More than a year later, my husband has been rebaptized and we have both found forgiveness and a measure of joy. It was a difficult road, and it's far from over, but we have hope through the Atonement of our saviour. I know this hope can be yours too, no matter what path your marriage takes.

Hang in there! You are loved!"
posted at 15:15:48 on April 26, 2010 by Anonymous
Heartbreaking    
"My heart aches as I see the consequences in these situations. Crushed, I know exactly how you feel. Please know that you are not alone.

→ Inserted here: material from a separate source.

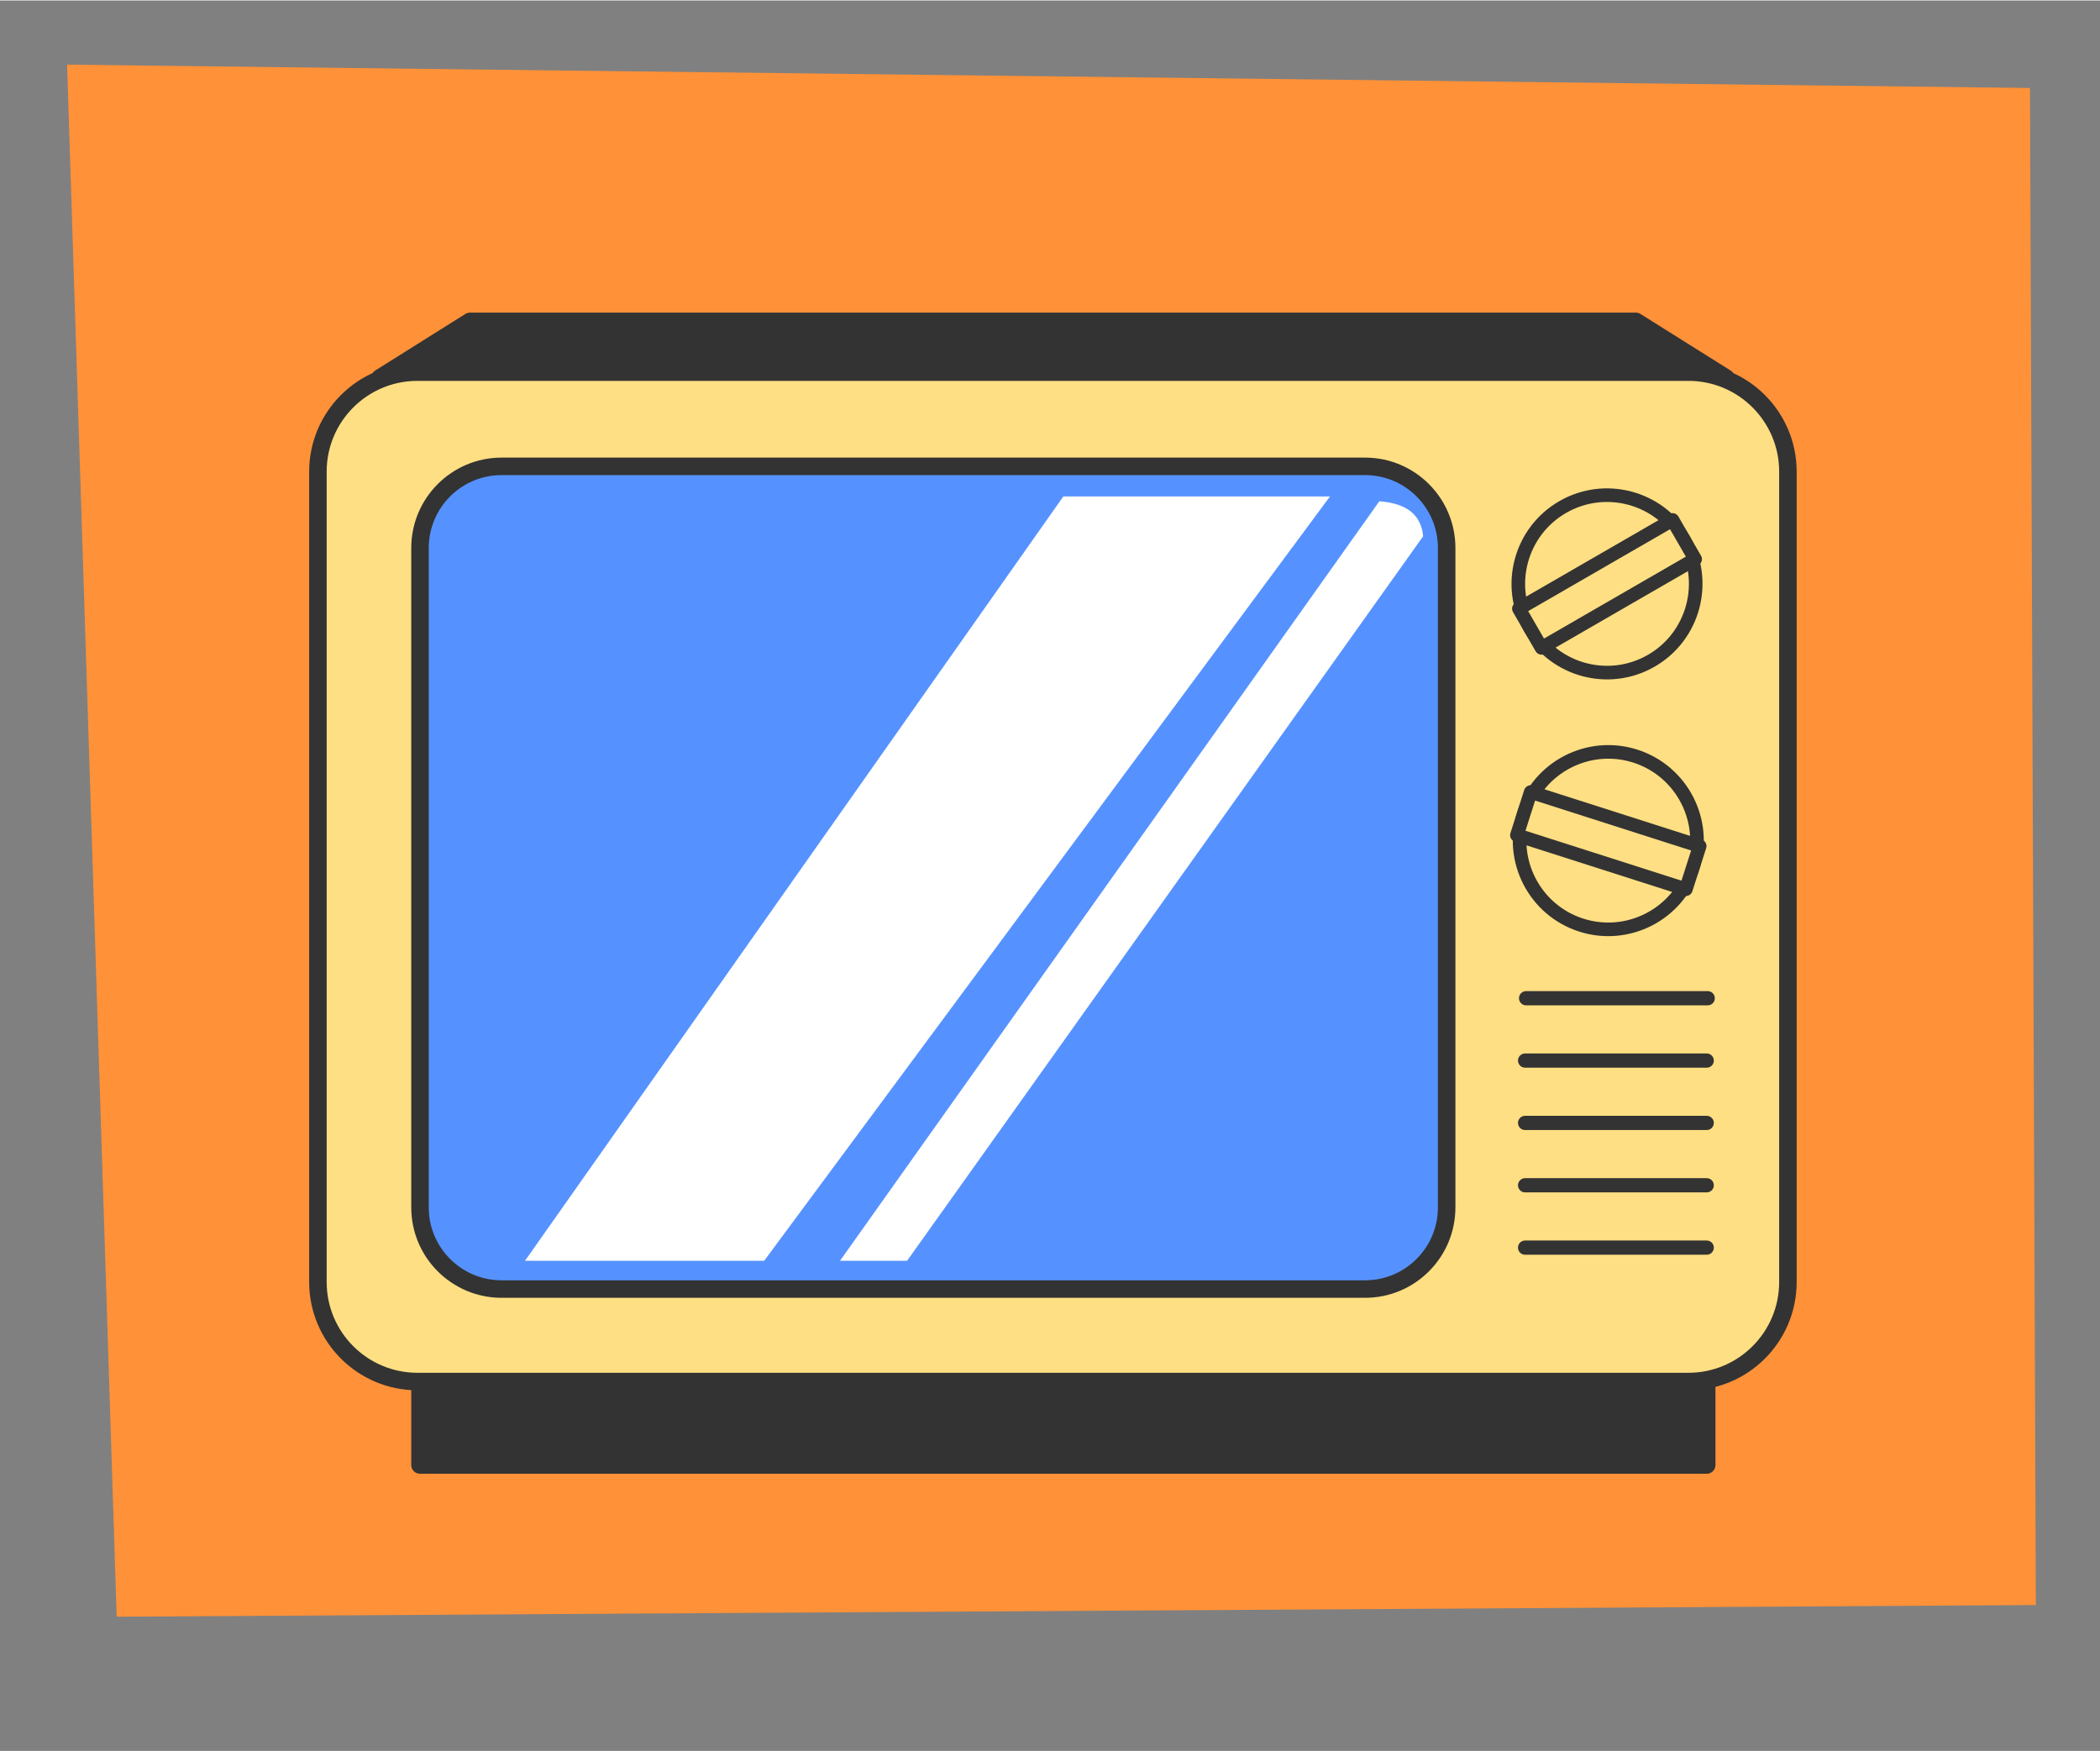 <svg xmlns:xlink="http://www.w3.org/1999/xlink" viewBox="0 0 360 300" xmlns="http://www.w3.org/2000/svg" fill-rule="evenodd" clip-rule="evenodd" stroke-linecap="round" stroke-linejoin="round" stroke-miterlimit="1.5" width="373"  height="311" ><rect x="0" y="0" width="360" height="300" fill="#808080" stroke="none"/><path fill="none" d="M.5.195h360v300H.5z"></path><path d="M11.5 11L20 277l329-2-1-260-336.5-4z" fill="#FF9138"></path><path d="M295.874 64.695H65.126L80.578 55h199.844l15.452 9.695z" fill="#333333" stroke="#333333" stroke-width="3.01px"></path><path fill="#333333" stroke="#333333" stroke-width="3px" d="M72 230h220.578v21H72z"></path><path d="M306.5 80.752c0-9.414-7.643-17.057-17.057-17.057H71.557c-9.414 0-17.057 7.643-17.057 17.057v138.886c0 9.414 7.643 17.057 17.057 17.057h217.886c9.414 0 17.057-7.643 17.057-17.057V80.752z" fill="#FFDF83" stroke="#333333" stroke-width="3px"></path><path d="M248 93.836c0-7.722-6.269-13.991-13.991-13.991H85.991C78.269 79.845 72 86.114 72 93.836v113.018c0 7.722 6.269 13.991 13.991 13.991h148.018c7.722 0 13.991-6.269 13.991-13.991V93.836z" fill="#5692FF" stroke="#333333" stroke-width="3px"></path><path d="M261.618 171h31.13M261.447 181.686h31.131M261.447 203.058h31.131M261.447 192.372h31.131M261.447 213.744h31.131" fill="none" stroke="#333333" stroke-width="2.44px"></path><g fill="#FFDF83" stroke="#333333" stroke-width="2.33px"><path d="M267.885 86.822c7.268-4.196 16.575-1.702 20.771 5.565 4.196 7.268 1.702 16.575-5.566 20.771-7.267 4.196-16.574 1.702-20.77-5.565-4.196-7.268-1.703-16.575 5.565-20.771z" stroke="#333333" fill="#FFDF83" stroke-width="2.33px"></path><path d="M286.716 89.028l-26.336 15.205 3.879 6.719 26.337-15.205-3.88-6.719z" stroke="#333333" fill="#FFDF83" stroke-width="2.33px"></path></g><g fill="#FFDF83" stroke="#333333" stroke-width="2.33px"><path d="M280.341 129.508c7.993 2.557 12.406 11.122 9.849 19.115-2.557 7.993-11.123 12.406-19.116 9.849-7.993-2.557-12.406-11.122-9.849-19.115 2.557-7.993 11.123-12.406 19.116-9.849z" stroke="#333333" fill="#FFDF83" stroke-width="2.33px"></path><path d="M291.372 144.928l-28.965-9.266-2.364 7.39 28.965 9.266 2.364-7.39z" stroke="#333333" fill="#FFDF83" stroke-width="2.33px"></path></g><path d="M182.289 85H228l-97 131H90l92.289-131zM236.456 85.829c4.942.361 7.193 2.531 7.511 6L155.5 216H144l92.456-130.171z" fill="#FFFFFF"></path></svg>

My husband’s decisions make it extremely hard to trust again…especially where children are involved. We have 3 beautiful children. One of the times my husband would utilize to view inappropriate material was when I would make a quick run to the store and leave him home with the kids. I use to save my grocery shopping until my husband would come home from work, then I could get a minute to myself. At that point in my life I believed my husband was the same Dad I saw when I was around him. Unfortunately, my husband and I have had to have conversations about what our children may have been exposed to while I was away. To my knowledge our children’s minds remain clean. My husband had NO intentions of putting our children in an unsafe environment…but Satan convinced him this behavior was only hurting himself. My heart breaks for my husband as he realizes my fears of leaving the kids at home with him are valid. I know he feels terrible…and I too feel terrible about it. I don’t want to hurt him, but I am a Mom…I must keep my children safe. I feel blessed that my husband understands this…it hurts him, but he sees my fears.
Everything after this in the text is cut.